Tetapi langkah-langkah pencegahan terhadap infeksi sangat diperlukan untuk pekerja kesehatan dan perawatan di garis depan dan tanpa vaksin diharapkan dalam waktu dekat, sebuah percobaan besar telah dimulai, yang bertujuan untuk menguji efek perlindungan, jika ada, pada 40.000 pekerja kesehatan. Rumah sakit Brighton dan Sussex University dan rumah sakit John Radcliffe di Oxford telah mulai mendaftarkan sukarelawan.
Penelitian ini dipimpin oleh Unit Penelitian Pengobatan Tropis Mahidol Oxford di Bangkok, Thailand, yang didukung oleh Universitas Oxford dan Wellcome Trust. Obat ini telah banyak digunakan di Thailand di masa lalu untuk mengobati malaria. Peserta akan direkrut dari Eropa, Afrika, Asia dan Amerika Selatan.
Penelitian ini dipimpin oleh Unit "Covid-19 adalah risiko utama bagi petugas kesehatan garis depan di seluruh dunia," kata Prof Sir Nicholas White dari University of Oxford, yang berbasis di Bangkok dan merupakan pemimpin bersama uji coba, yang disebut Copcov.
“Kami benar-benar tidak tahu apakah klorokuin atau hidroksi Chloroquine bermanfaat atau berbahaya terhadap Covid-19. Cara terbaik untuk mengetahui apakah mereka efektif dalam mencegah Covid-19 adalah dalam uji klinis acak. Itulah Copcov - dan mengapa kami melakukan penelitian ini."
Rekan penyelidiknya, Prof Martin Llewelyn di sekolah kedokteran Brighton dan Sussex, menambahkan: “Walaupun penguncian ini menurunkan tingkat infeksi di Inggris, petugas layanan kesehatan akan terus menghadapi risiko Covid-19, terutama sebagai tindakan santai.
Vaksin yang tersedia secara luas, aman dan efektif mungkin masih jauh. Jika obat yang ditoleransi sebaik klorokuin dan hidroksi Chloroquine dapat mengurangi kemungkinan terkena Covid-19, ini akan sangat berharga.”
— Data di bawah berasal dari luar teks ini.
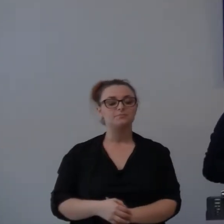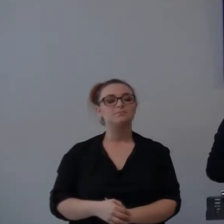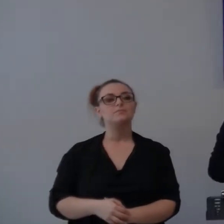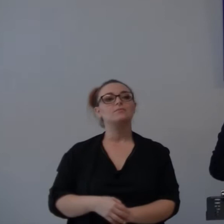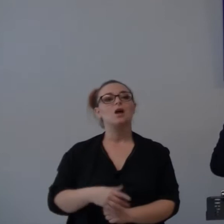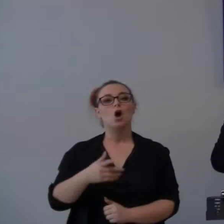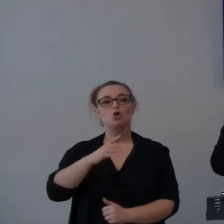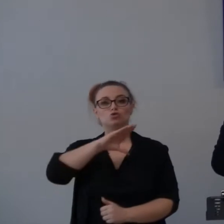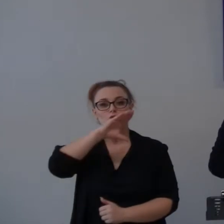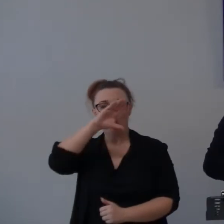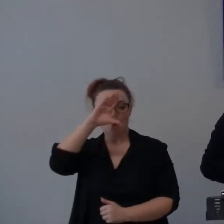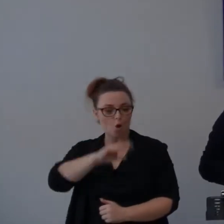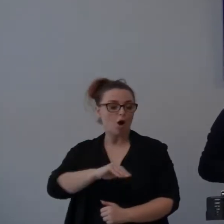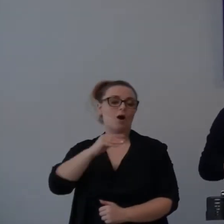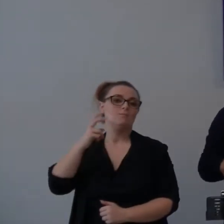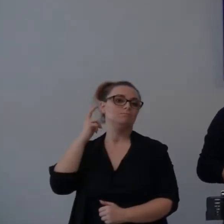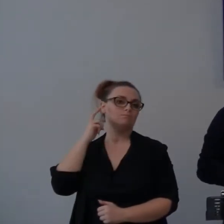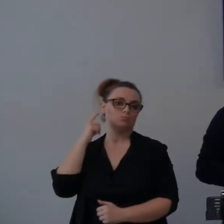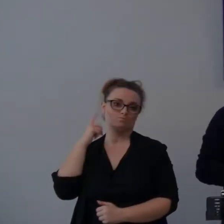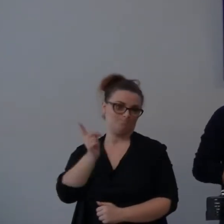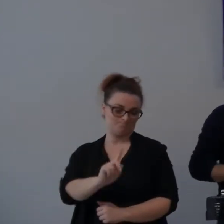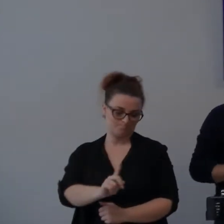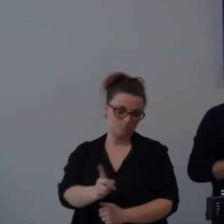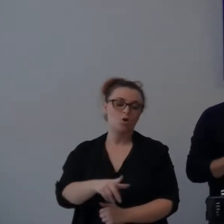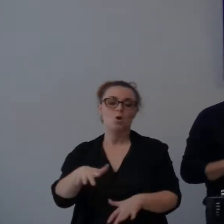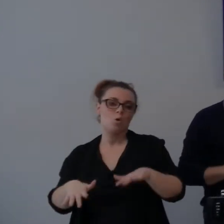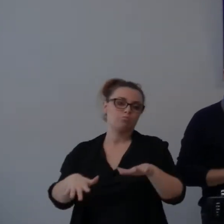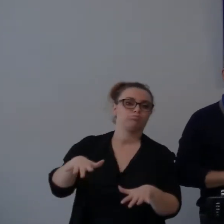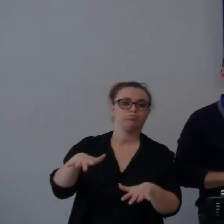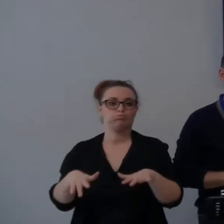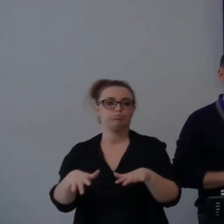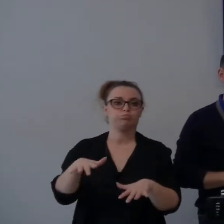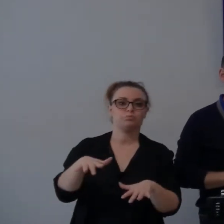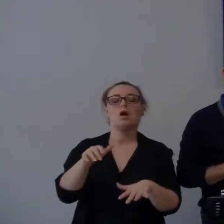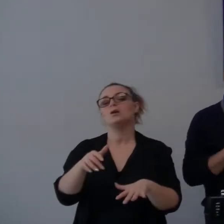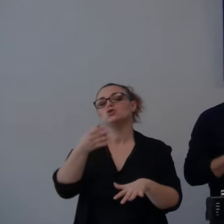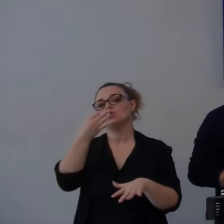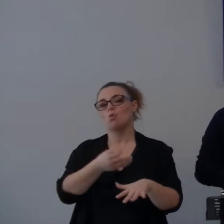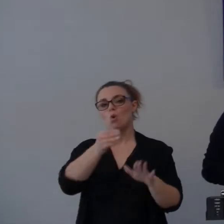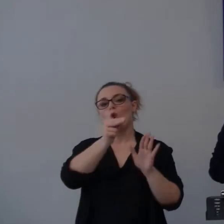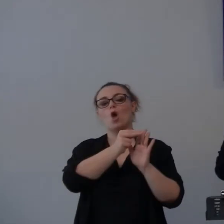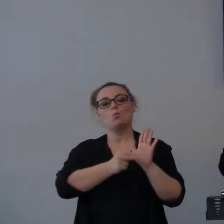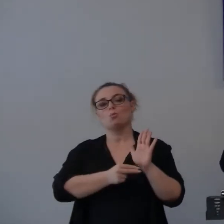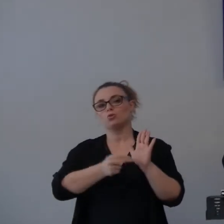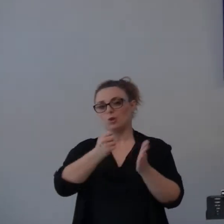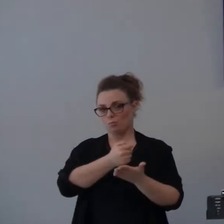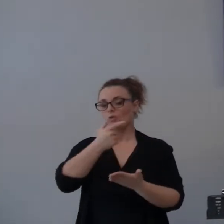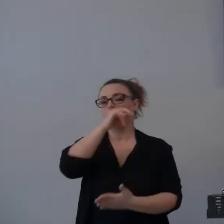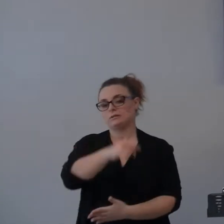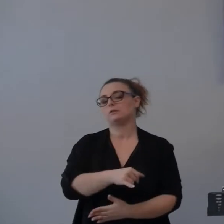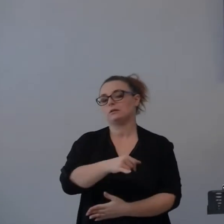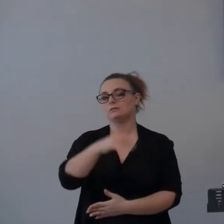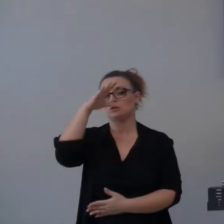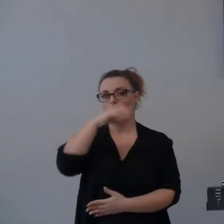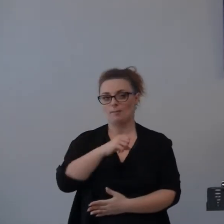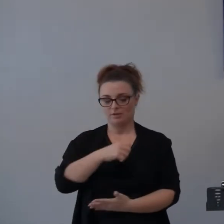però ho accattato quello che erano per me i punti che mi hanno colpito. Ad esempio

Chloroquine, hydroxychloroquine atau plasebo akan diberikan kepada lebih dari 40.000 petugas kesehatan dari Eropa, Afrika, Asia dan Amerika Selatan.
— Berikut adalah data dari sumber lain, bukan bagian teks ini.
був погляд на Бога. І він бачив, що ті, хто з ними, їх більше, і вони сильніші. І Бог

Petugas kesehatan yang mengambil bagian akan dialokasikan secara acak baik obat percobaan atau plasebo. Di Asia, obat uji coba adalah klorokuin dan di Eropa dan Afrika akan menjadi hidroksi Chloroquine.
Chloroquine dan hydroxychloroquine telah digunakan untuk mengobati malaria selama lebih dari 60 tahun dan umumnya dianggap sebagai obat yang sangat aman. Hingga baru-baru ini 300m pengobatan Chloroquine diberikan untuk malaria setiap tahun, sekarang ini kurang digunakan karena resistensi dan pengembangan obat-obatan artemisinin.
Efek samping biasanya ringan dan termasuk sakit perut dan mual, sakit kepala dan penglihatan sementara yang kabur, tetapi dosis yang terlalu tinggi bisa berbahaya dan menyebabkan kematian.
Ada kekhawatiran bahwa obat-obatan dapat memperpanjang interval QT elektrokardiogram, menyebabkan irama jantung yang tidak teratur. Orang-orang yang sudah menggunakan obat lain yang dapat menyebabkan efek samping ini harus hati-hati, kata para ilmuwan di situs web percobaan mereka, "tetapi untuk orang sehat yang tidak minum obat biasa yang memperpanjang interval QT, seharusnya tidak ada kekhawatiran tentang kardiotoksisitas".